The problem: Going through the material below, please gather all lines with the word "italic" in them.

Source material:
◆ ◆ ◆ ◆ ◆ ◆ ◆

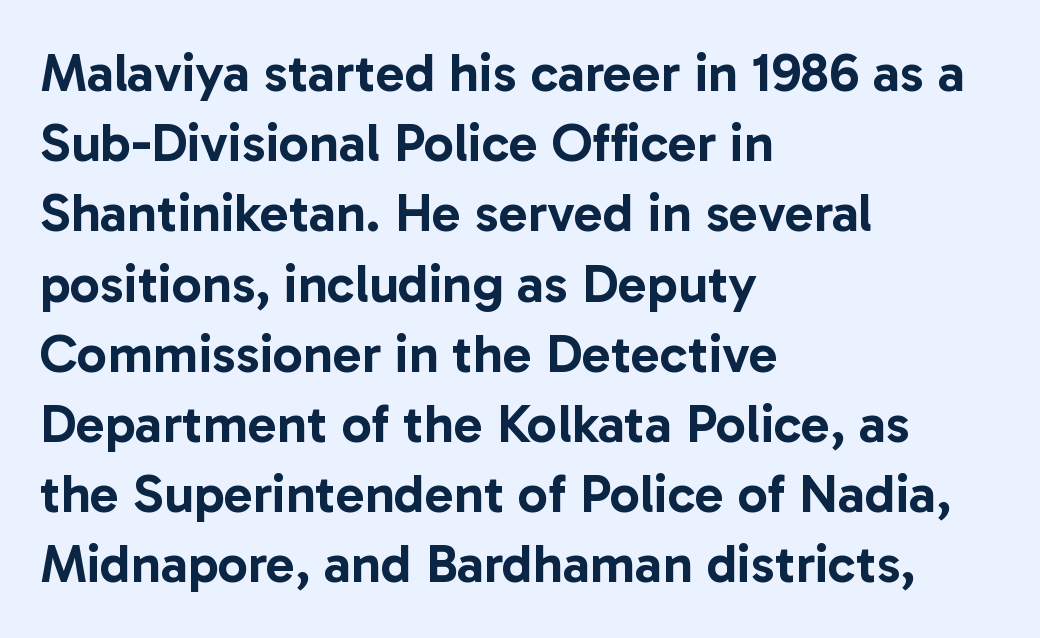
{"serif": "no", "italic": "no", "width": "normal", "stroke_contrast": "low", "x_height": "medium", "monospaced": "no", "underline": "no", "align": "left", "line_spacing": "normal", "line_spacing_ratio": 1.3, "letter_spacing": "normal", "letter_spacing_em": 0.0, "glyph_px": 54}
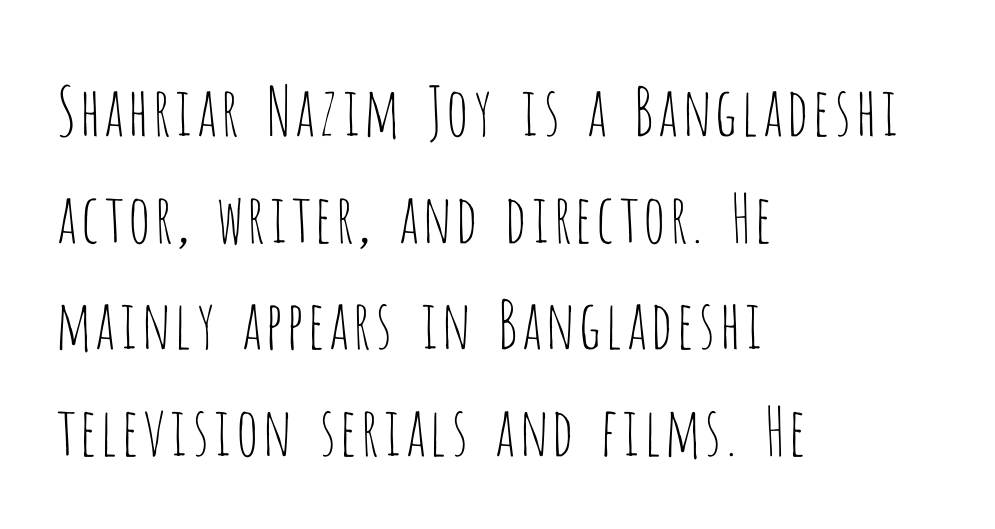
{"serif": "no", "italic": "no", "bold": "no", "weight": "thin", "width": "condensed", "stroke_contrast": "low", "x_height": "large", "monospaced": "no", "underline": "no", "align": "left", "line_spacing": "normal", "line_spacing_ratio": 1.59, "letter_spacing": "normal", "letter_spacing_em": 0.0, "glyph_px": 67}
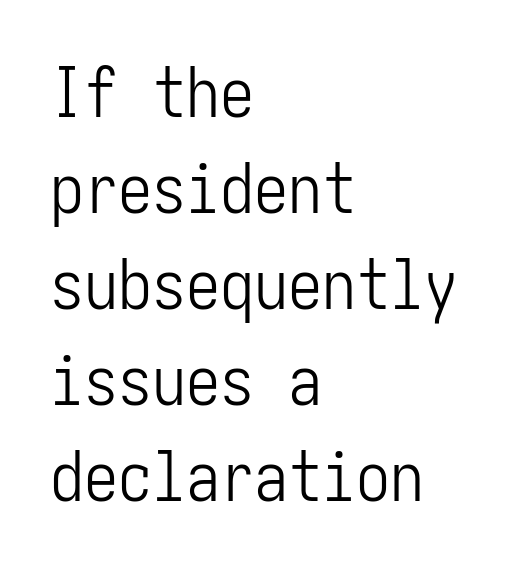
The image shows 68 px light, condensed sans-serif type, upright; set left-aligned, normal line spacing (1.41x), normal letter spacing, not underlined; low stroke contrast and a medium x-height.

◆ ◆ ◆ ◆ ◆ ◆ ◆

Solution to this problem:
{"serif": "no", "italic": "no", "width": "normal", "stroke_contrast": "low", "x_height": "medium", "monospaced": "no", "underline": "no", "align": "left", "line_spacing": "normal", "line_spacing_ratio": 1.3, "letter_spacing": "normal", "letter_spacing_em": 0.0, "glyph_px": 54}
{"serif": "no", "italic": "no", "bold": "no", "weight": "thin", "width": "condensed", "stroke_contrast": "low", "x_height": "large", "monospaced": "no", "underline": "no", "align": "left", "line_spacing": "normal", "line_spacing_ratio": 1.59, "letter_spacing": "normal", "letter_spacing_em": 0.0, "glyph_px": 67}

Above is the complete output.